● Data provided
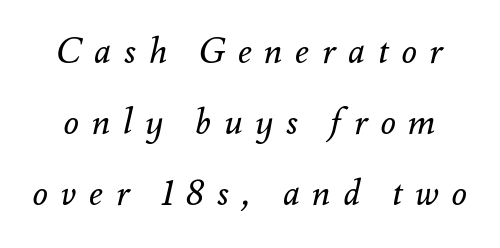
Letters have the restrained weight of plain body copy at most. This sample has the flowing, uneven cadence of proportional lettering. Does the leading feel generous? Absolutely, it's lavish. The passage shown has open, widely tracked lettering throughout. Rule under the text: the space is simply empty.
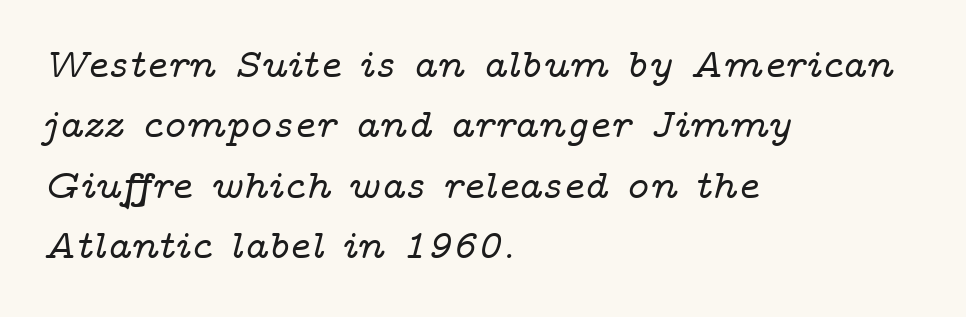
One glance says typical: line gaps are just what's usual. The passage shown has conventional tracking throughout. The passage shown is typed in a proportional face where columns would drift. The rendering shows small feet on the letterforms — a serif design. The rendering anchors every line to the left-hand side. A clean baseline with only descenders dipping below it.
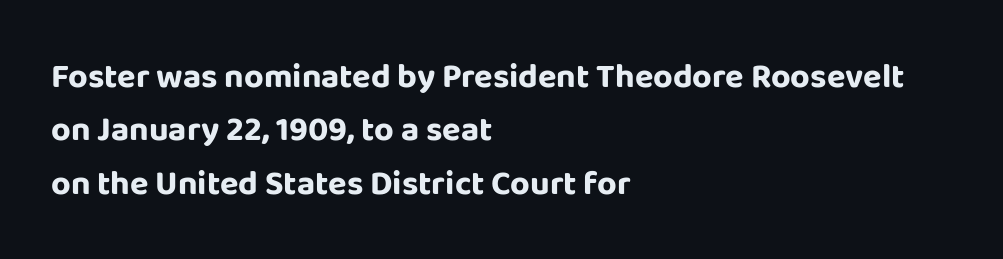
The image shows 34 px bold sans-serif type, upright; set left-aligned, normal line spacing (1.57x), normal letter spacing, not underlined; low stroke contrast and a large x-height.
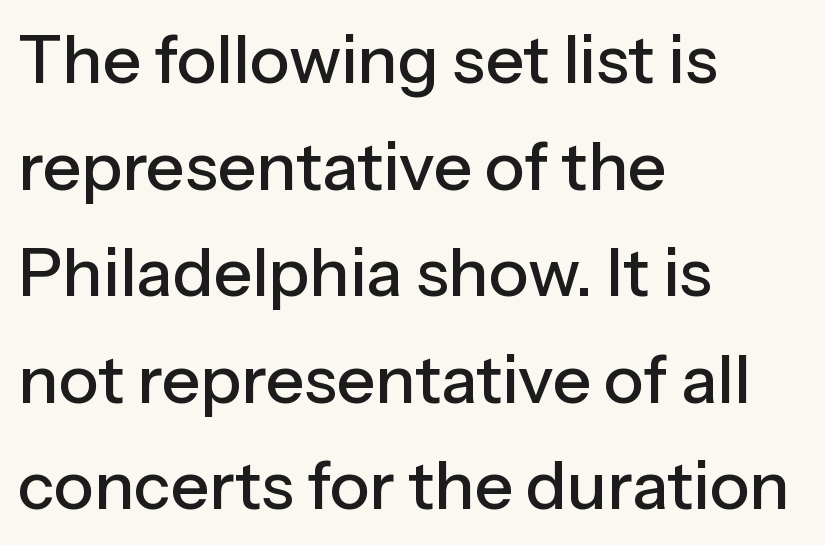
{"serif": "no", "italic": "no", "width": "normal", "stroke_contrast": "low", "x_height": "medium", "monospaced": "no", "underline": "no", "align": "left", "line_spacing": "normal", "line_spacing_ratio": 1.59, "letter_spacing": "normal", "letter_spacing_em": 0.0, "glyph_px": 67}
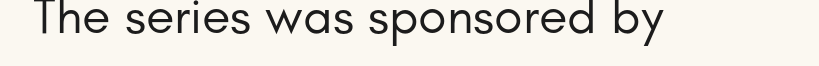
The image shows 52 px regular-weight sans-serif type, upright; set normal letter spacing, not underlined; low stroke contrast and a small x-height.
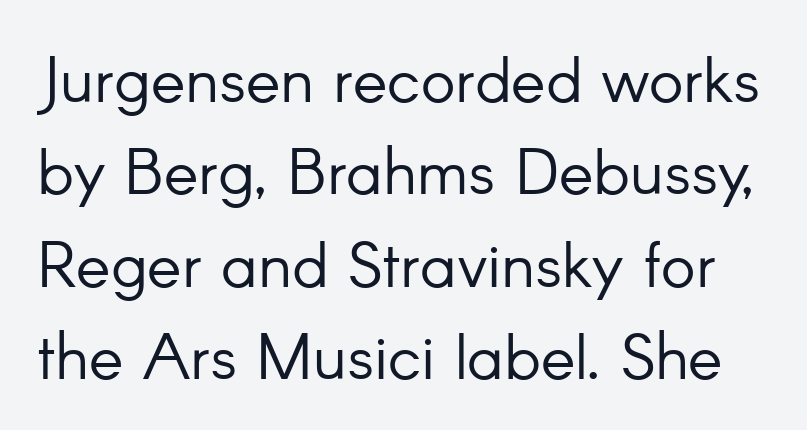
{"serif": "no", "italic": "no", "bold": "no", "weight": "light", "width": "normal", "stroke_contrast": "low", "x_height": "small", "monospaced": "no", "underline": "no", "line_spacing": "normal", "line_spacing_ratio": 1.42, "letter_spacing": "normal", "letter_spacing_em": 0.0, "glyph_px": 65}
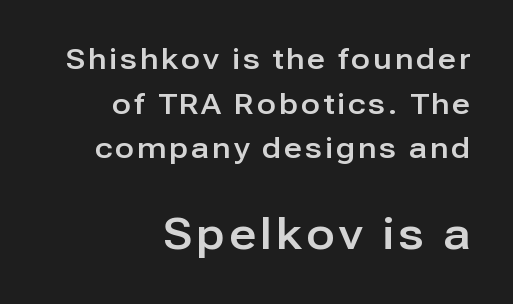
The image shows 42 px sans-serif type, upright; set right-aligned, normal line spacing (1.59x), not underlined; the second (bottom) block is 1.5x larger; low stroke contrast and a medium x-height.
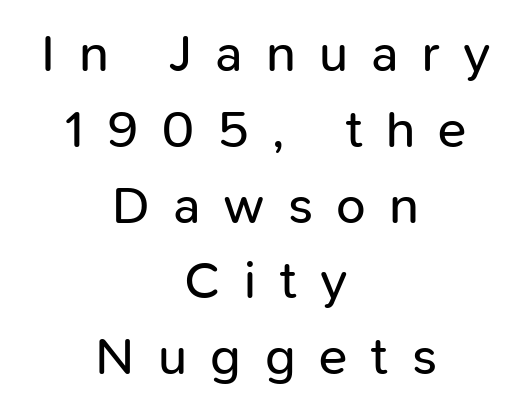
The image shows 53 px regular-weight sans-serif type, upright; set centered, normal line spacing (1.43x), unusually wide letter spacing (+0.44 em), not underlined; low stroke contrast and a medium x-height.
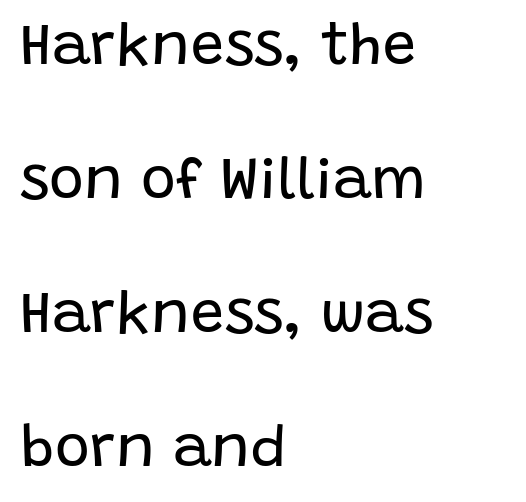
Q: Is the text bold? A: No.
Q: Is the text italic (slanted)? A: No, it is upright.
Q: Is the typeface a serif or a sans-serif typeface? A: Sans-serif.
Q: Is the text underlined? A: No.
Q: How is the paragraph aligned? A: Left-aligned.
Q: Is the spacing between letters normal or unusually wide? A: Normal.
Q: Is the spacing between lines tight, normal or loose? A: Loose.
Q: Width (condensed, normal, or wide)? A: Normal.
Q: Stroke contrast? A: Low.
Q: x-height? A: Large.
Q: Monospaced? A: No.
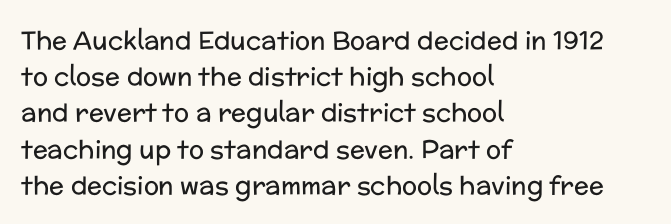
{"italic": "no", "bold": "no", "underline": "no", "align": "left", "line_spacing": "normal", "line_spacing_ratio": 1.45, "letter_spacing": "normal", "letter_spacing_em": 0.0, "glyph_px": 25}

● Work request
In your copy, include no pictures, but reproduce all records exactly.

● Output of the task
Letters have the restrained weight of plain body copy at most. This sample has the flowing, uneven cadence of proportional lettering. Does the leading feel generous? Absolutely, it's lavish. The passage shown has open, widely tracked lettering throughout. Rule under the text: the space is simply empty.
One glance says typical: line gaps are just what's usual. The passage shown has conventional tracking throughout. The passage shown is typed in a proportional face where columns would drift. The rendering shows small feet on the letterforms — a serif design. The rendering anchors every line to the left-hand side. A clean baseline with only descenders dipping below it.
The image shows 34 px bold sans-serif type, upright; set left-aligned, normal line spacing (1.57x), normal letter spacing, not underlined; low stroke contrast and a large x-height.
{"serif": "no", "italic": "no", "width": "normal", "stroke_contrast": "low", "x_height": "medium", "monospaced": "no", "underline": "no", "align": "left", "line_spacing": "normal", "line_spacing_ratio": 1.59, "letter_spacing": "normal", "letter_spacing_em": 0.0, "glyph_px": 67}
The image shows 52 px regular-weight sans-serif type, upright; set normal letter spacing, not underlined; low stroke contrast and a small x-height.
{"serif": "no", "italic": "no", "bold": "no", "weight": "light", "width": "normal", "stroke_contrast": "low", "x_height": "small", "monospaced": "no", "underline": "no", "line_spacing": "normal", "line_spacing_ratio": 1.42, "letter_spacing": "normal", "letter_spacing_em": 0.0, "glyph_px": 65}
The image shows 42 px sans-serif type, upright; set right-aligned, normal line spacing (1.59x), not underlined; the second (bottom) block is 1.5x larger; low stroke contrast and a medium x-height.
The image shows 53 px regular-weight sans-serif type, upright; set centered, normal line spacing (1.43x), unusually wide letter spacing (+0.44 em), not underlined; low stroke contrast and a medium x-height.
Q: Is the text bold? A: No.
Q: Is the text italic (slanted)? A: No, it is upright.
Q: Is the typeface a serif or a sans-serif typeface? A: Sans-serif.
Q: Is the text underlined? A: No.
Q: How is the paragraph aligned? A: Left-aligned.
Q: Is the spacing between letters normal or unusually wide? A: Normal.
Q: Is the spacing between lines tight, normal or loose? A: Loose.
Q: Width (condensed, normal, or wide)? A: Normal.
Q: Stroke contrast? A: Low.
Q: x-height? A: Large.
Q: Monospaced? A: No.
{"italic": "no", "bold": "no", "underline": "no", "align": "left", "line_spacing": "normal", "line_spacing_ratio": 1.45, "letter_spacing": "normal", "letter_spacing_em": 0.0, "glyph_px": 25}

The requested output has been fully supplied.